Data listing below:
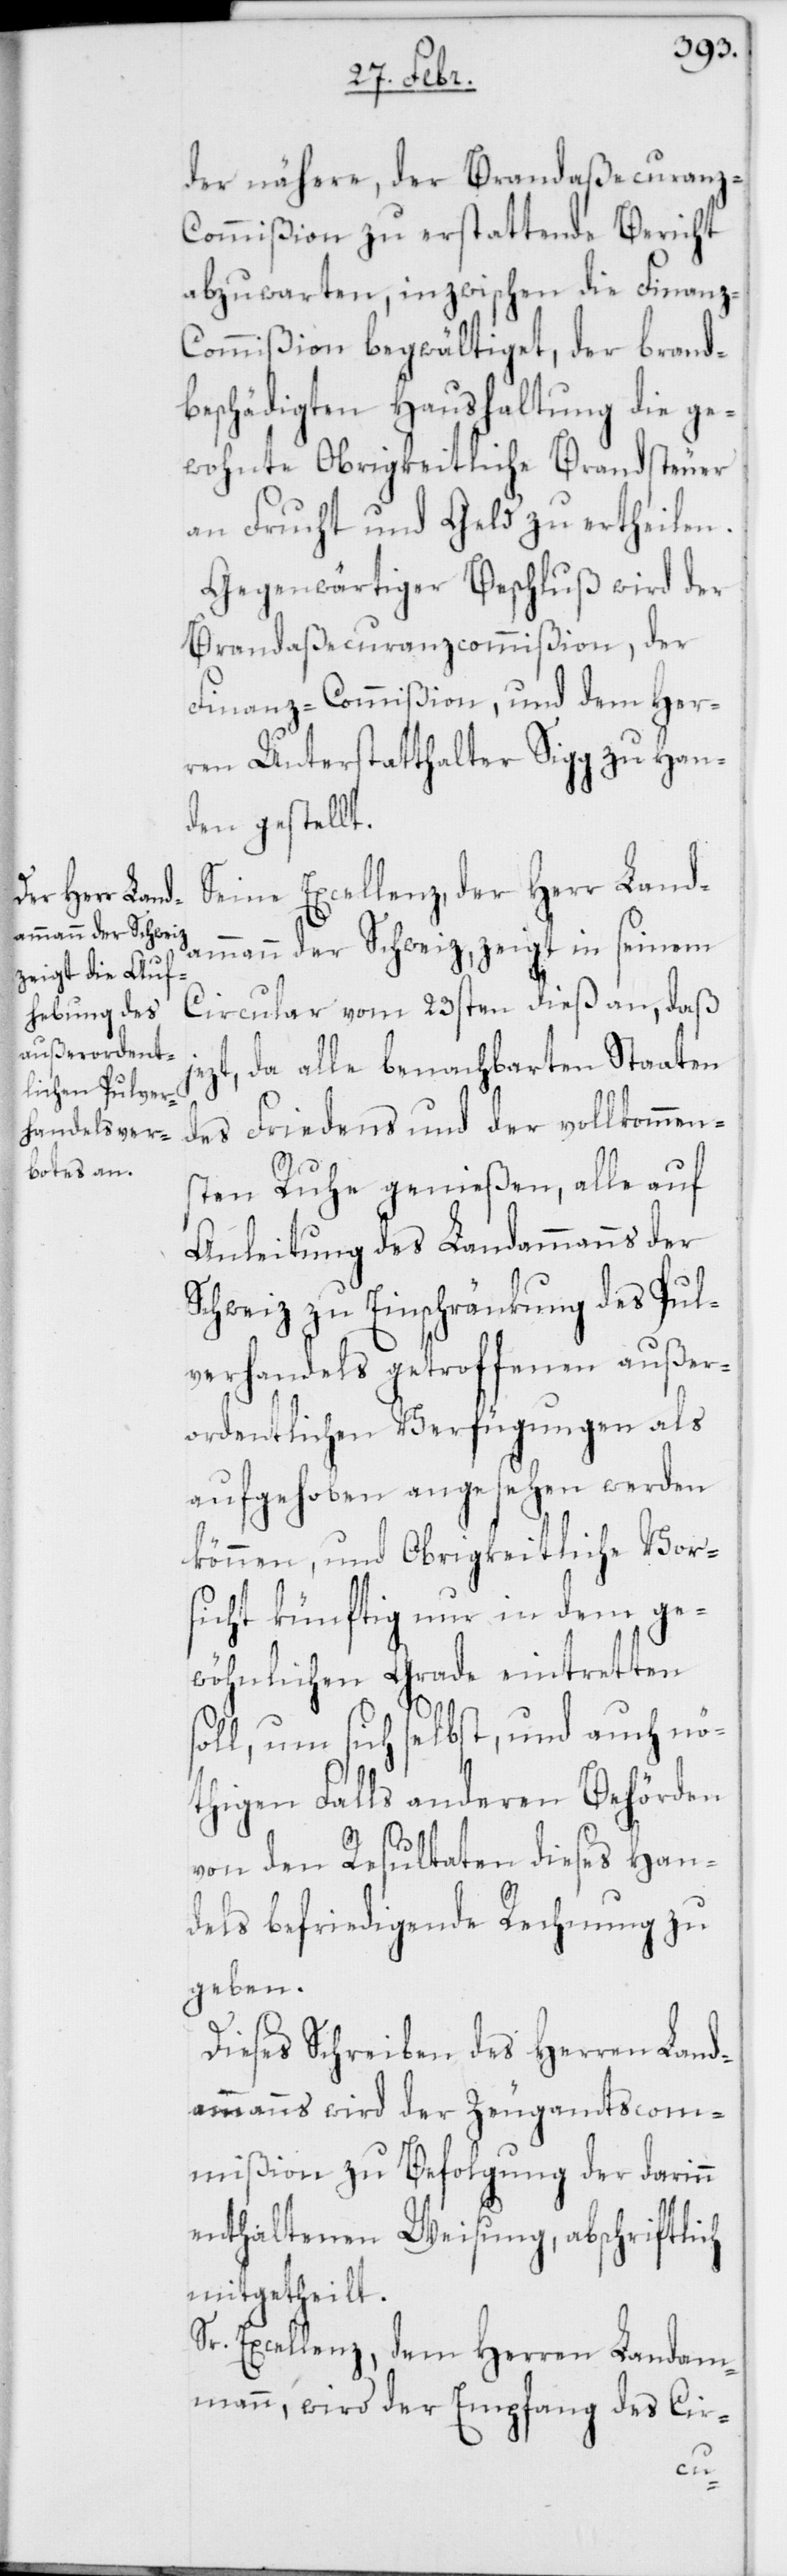
der nähere, der Brandaßecuranz-C¬
ommißion zu erstattende Bericht
abzuwarten, inzwischen die Finanz-C¬
ommißion begwältiget, der brand¬
beschädigten Haushaltung die ge¬
wohnte Obrigkeitliche Brandsteuer
an Frucht und Geld zu ertheilen.
Gegenwärtiger Beschluß wird der
Brandaßecuranzcommißion, der
Finanz-Commißion, und dem Her¬
ren Unterstatthalter Sigg zu Han¬
den gestellt.
Seine Excellenz, der Herr Land¬
ammann der Schweiz, zeigt in seinem
Circular vom 23sten dieß an, daß
ezt, da alle benachbarten Staaten
des Friedens und der vollkommen¬
sten Ruhe genießen, alle auf
Anleitung des Landammanns der
Schweiz zu Einschränkung des Pul¬
verhandels getroffenen außer¬
ordentlichen Verfügungen als
aufgehoben angesehen werden
können, und Obrigkeitliche Vor¬
sicht künftig nur in dem ge¬
wöhnlichen Grade eintretten
soll, um sich selbst, und auch nö¬
thigen Falls anderen Behörden
von den Resultaten dieses Han¬
dels befriedigende Rechnung zu
geben.
Dieses Schreiben des Herren Land¬
ammanns wird der Zeugamtscom¬
mißion zu Befolgung der darinn
enthaltenen Weisung, abschriftlich
mitgetheilt.
Sr. Excellenz, dem Herren Landam¬
mann, wird der Empfang des Cir-
j¬
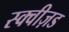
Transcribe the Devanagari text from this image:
स्क्वीज़ड
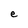
Character: e
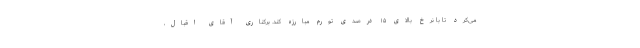
می‌کرد تا با نرخ بالای ۱۵ درصدی تورم مبارزه کند. برکناری آقای اقبال،
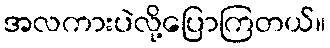
အလကားပဲလို့ပြောကြတယ်။
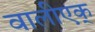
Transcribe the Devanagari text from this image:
वालीएक्
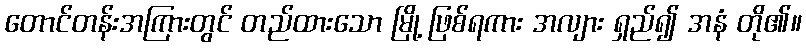
တောင်တန်းအကြားတွင် တည်ထားသော မြို့ ဖြစ်ရကား အလျား ရှည်၍ အနံ တို၏။
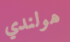
هولندي
End of Data listing.
#### [Task brief]
Return each line of the records above in which the word "Finanz" occurs.

#### [Solution to the exercise]
abzuwarten, inzwischen die Finanz-C¬
Finanz-Commißion, und dem Her¬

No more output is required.